BEGIN Given data
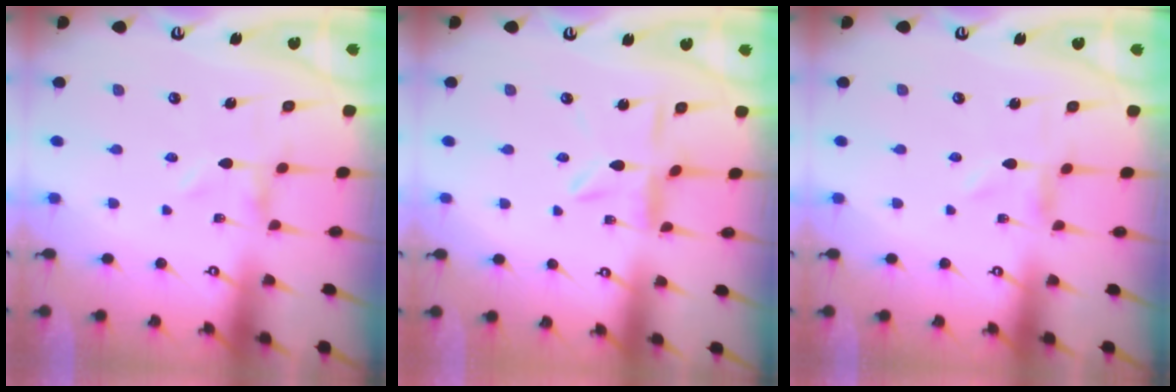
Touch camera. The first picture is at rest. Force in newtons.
{"total": 4.7, "press": 4.7, "slide": 0.4}
{"total": 0.0}
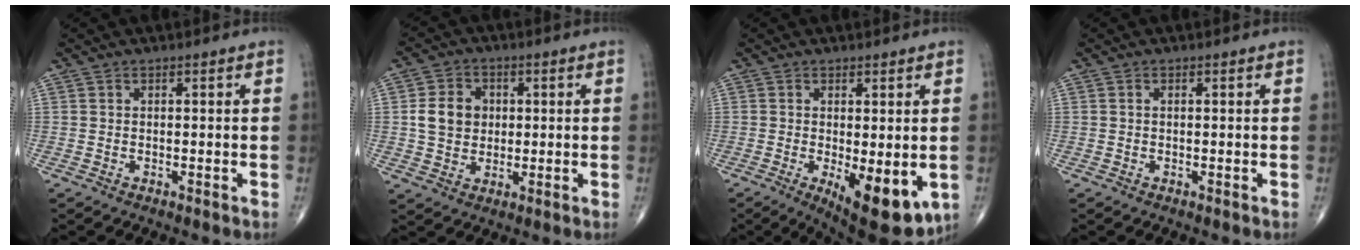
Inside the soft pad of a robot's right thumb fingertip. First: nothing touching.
{"total": 7.6, "force": [0.9, 6.3, 4.2], "torque": [-0.052, 0.002, 0.015]}
{"total": 11.5, "force": [-2.8, 4.3, 10.3], "torque": [-0.135, -0.024, -0.026]}
{"total": 0.0}
END Given data
● **About this exercise**:
Write the listing out exactly, apart from its pictures.

● **Finished exercise**:
Touch camera. The first picture is at rest. Force in newtons.
{"total": 4.7, "press": 4.7, "slide": 0.4}
{"total": 0.0}
Inside the soft pad of a robot's right thumb fingertip. First: nothing touching.
{"total": 7.6, "force": [0.9, 6.3, 4.2], "torque": [-0.052, 0.002, 0.015]}
{"total": 11.5, "force": [-2.8, 4.3, 10.3], "torque": [-0.135, -0.024, -0.026]}
{"total": 0.0}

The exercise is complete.